Helpful Home Improvement Tips: FDIC Insurance
Federal Deposit Insurance Corporation Explained
Hey everyone. Tyler here for another Safepact.com video question of the day where I take some of the most commonly asked questions about home improvement and contractors and I answer them for you right here on youtube, and today I’m going to talk about something you’ve probably heard about in commercials, and probably seen in some fine print, but never knew what it was or how it worked and that’s FDIC insurance.

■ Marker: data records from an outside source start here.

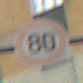
Verkehrszeichen: Geschwindigkeit80
Umgebung: Outdoor, Urban
Tageszeit: MorningAfternoon
Wetter: Overcast
Licht: Natural
Jahreszeit: NotSpecified
Kontrast: LowContrast

FDIC stands for Federal Deposit Insurance Corporation and they insure deposit bank accounts for up to 0,000. Even though they are sponsored by the government the FDIC is actually an independent corporation that works with the government to make sure that the money that people have in their bank accounts will be safe in case something happens to the bank.
Pretty much every type of bank account is FDIC insured. Checking, Savings, high interest savings, and even your CDs. Plus the FDIC insures each bank account individually so if you have both a checking and a savings they are both insured for the 250,000.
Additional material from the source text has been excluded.